TASK PROMPT: Looking at the data below, report how many lines contain "block", with no other words.

RECORDS PROVIDED:
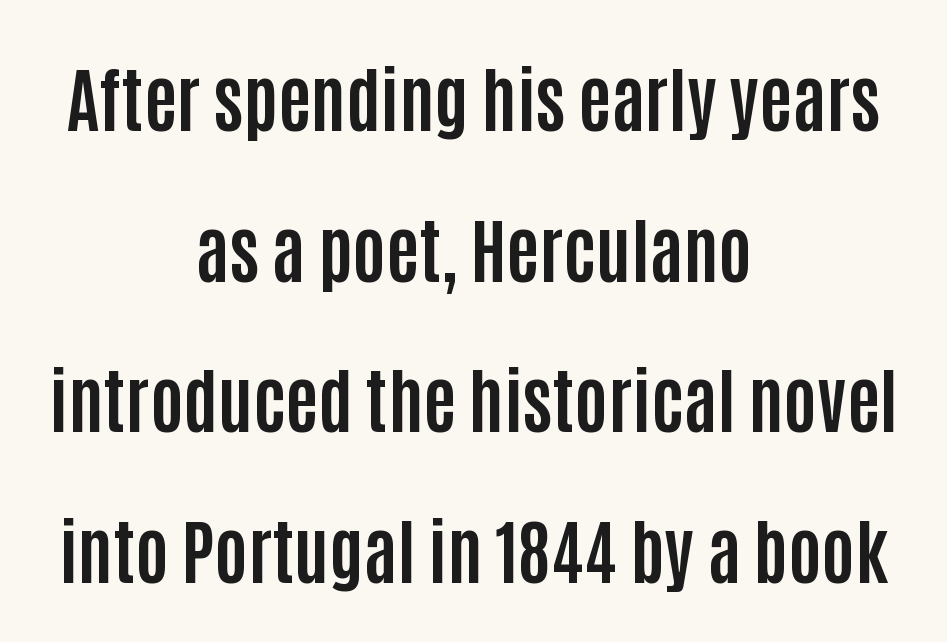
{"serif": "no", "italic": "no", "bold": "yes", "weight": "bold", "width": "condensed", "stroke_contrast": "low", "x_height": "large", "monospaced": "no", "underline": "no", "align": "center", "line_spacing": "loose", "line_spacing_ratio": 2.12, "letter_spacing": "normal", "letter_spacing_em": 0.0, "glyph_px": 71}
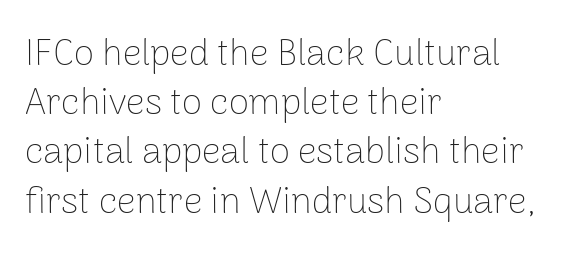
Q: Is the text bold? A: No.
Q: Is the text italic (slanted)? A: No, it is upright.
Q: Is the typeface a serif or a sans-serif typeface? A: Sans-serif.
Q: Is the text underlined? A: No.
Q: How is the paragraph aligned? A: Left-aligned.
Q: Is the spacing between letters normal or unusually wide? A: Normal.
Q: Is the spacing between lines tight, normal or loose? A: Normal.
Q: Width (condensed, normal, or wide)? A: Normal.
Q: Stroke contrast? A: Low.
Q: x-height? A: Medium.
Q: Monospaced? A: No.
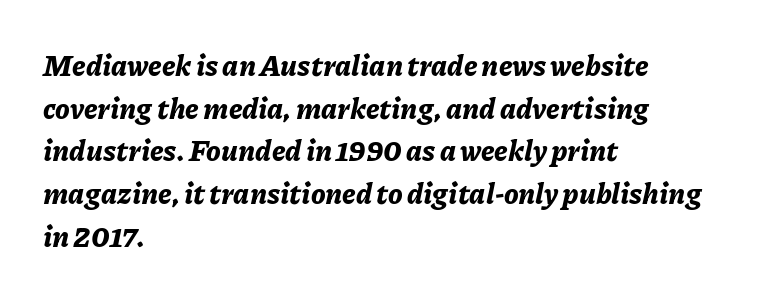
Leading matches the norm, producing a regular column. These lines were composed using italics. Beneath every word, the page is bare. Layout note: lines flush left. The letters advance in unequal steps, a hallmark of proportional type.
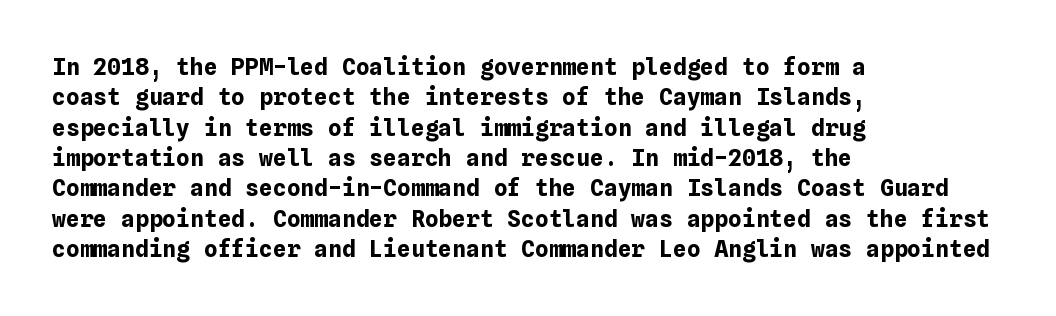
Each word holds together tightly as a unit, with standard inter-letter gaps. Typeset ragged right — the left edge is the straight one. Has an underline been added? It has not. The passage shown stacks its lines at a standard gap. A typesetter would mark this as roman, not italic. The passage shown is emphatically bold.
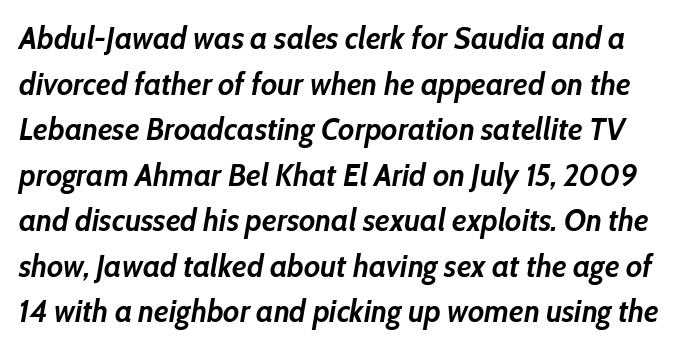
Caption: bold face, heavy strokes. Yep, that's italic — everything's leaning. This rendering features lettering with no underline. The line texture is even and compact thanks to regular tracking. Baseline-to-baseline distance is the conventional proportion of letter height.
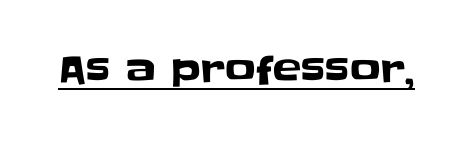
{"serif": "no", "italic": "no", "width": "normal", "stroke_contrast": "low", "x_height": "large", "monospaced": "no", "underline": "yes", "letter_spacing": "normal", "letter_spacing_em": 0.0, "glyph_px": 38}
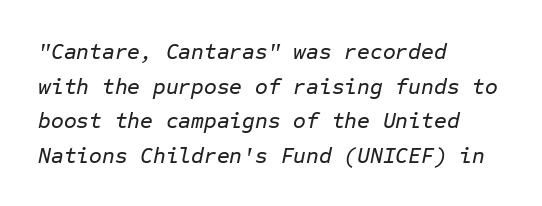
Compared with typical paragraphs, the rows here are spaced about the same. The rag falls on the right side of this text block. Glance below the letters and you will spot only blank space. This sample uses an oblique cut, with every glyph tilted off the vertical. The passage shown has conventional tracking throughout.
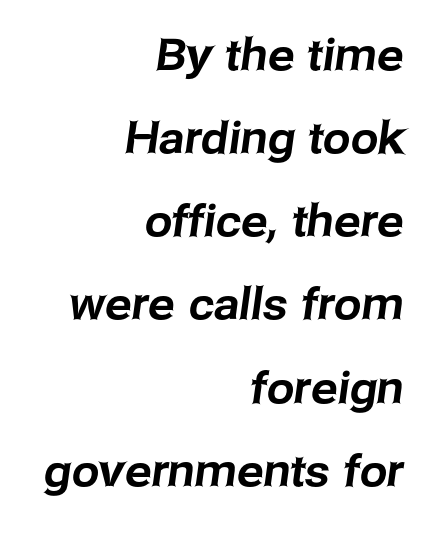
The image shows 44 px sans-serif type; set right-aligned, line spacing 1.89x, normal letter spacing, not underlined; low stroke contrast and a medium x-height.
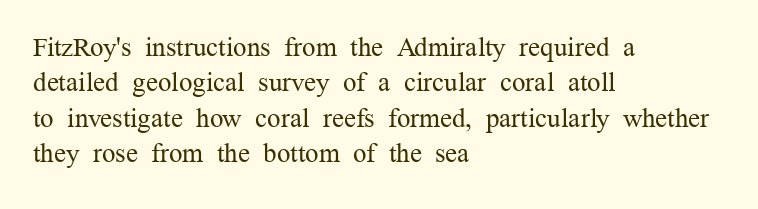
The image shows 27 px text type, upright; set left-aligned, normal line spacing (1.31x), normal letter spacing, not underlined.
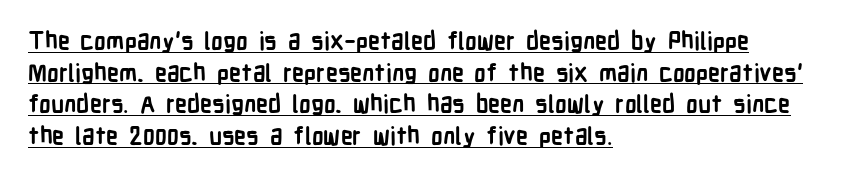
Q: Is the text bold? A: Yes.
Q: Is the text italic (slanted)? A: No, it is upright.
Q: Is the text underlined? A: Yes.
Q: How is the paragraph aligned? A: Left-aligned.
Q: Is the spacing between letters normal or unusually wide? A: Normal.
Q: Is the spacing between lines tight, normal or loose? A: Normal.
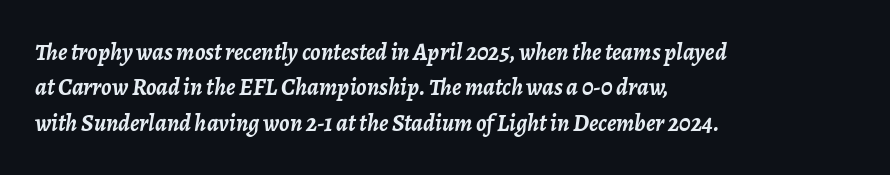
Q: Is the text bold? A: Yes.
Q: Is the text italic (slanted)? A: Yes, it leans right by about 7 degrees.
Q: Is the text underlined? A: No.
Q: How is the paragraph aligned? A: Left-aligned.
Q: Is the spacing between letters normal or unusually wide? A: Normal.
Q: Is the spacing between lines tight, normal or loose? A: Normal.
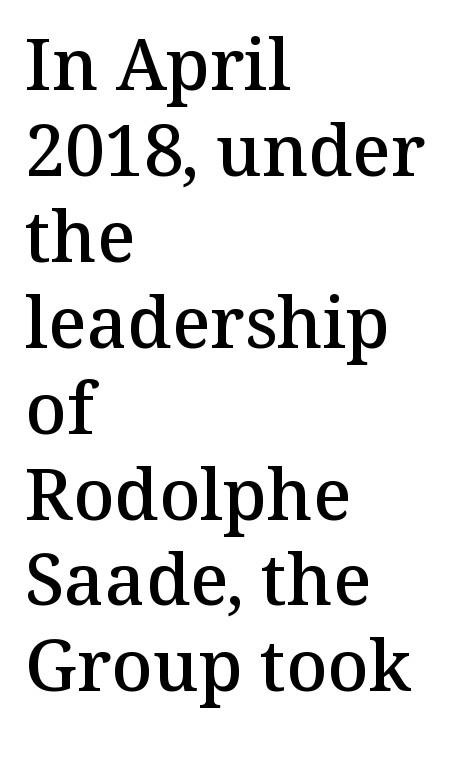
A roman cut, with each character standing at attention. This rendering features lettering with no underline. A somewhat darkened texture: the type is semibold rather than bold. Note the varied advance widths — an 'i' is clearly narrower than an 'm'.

--

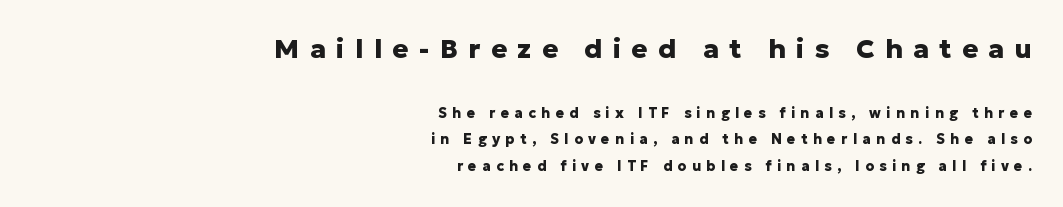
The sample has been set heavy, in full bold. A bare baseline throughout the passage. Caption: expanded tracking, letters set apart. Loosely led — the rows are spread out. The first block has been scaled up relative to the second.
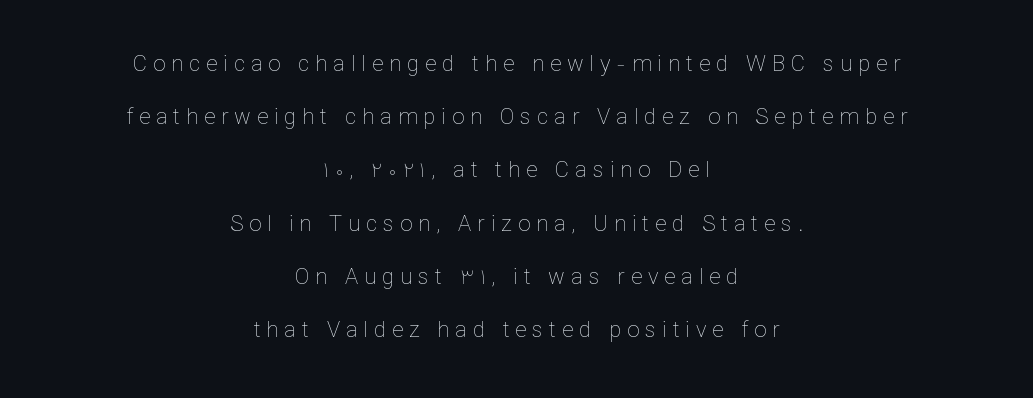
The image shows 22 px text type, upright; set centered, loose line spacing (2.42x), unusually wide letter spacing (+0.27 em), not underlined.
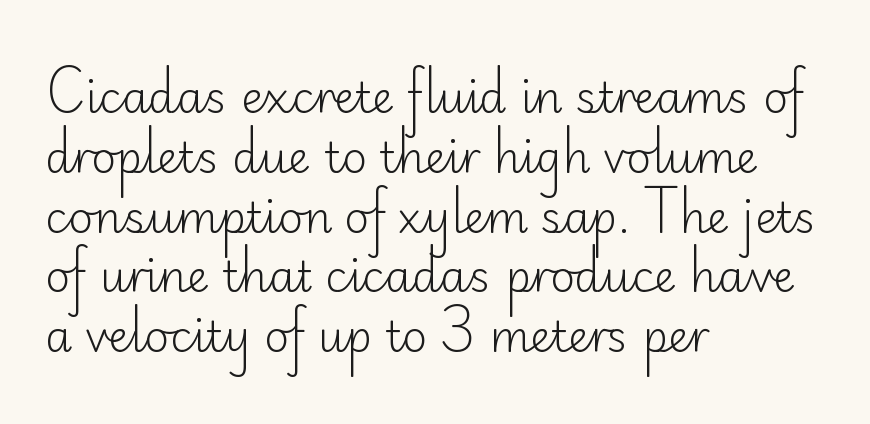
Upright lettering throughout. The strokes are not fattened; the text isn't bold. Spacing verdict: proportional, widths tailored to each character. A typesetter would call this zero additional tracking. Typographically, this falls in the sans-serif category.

SOLUTION TO THIS PROBLEM: 2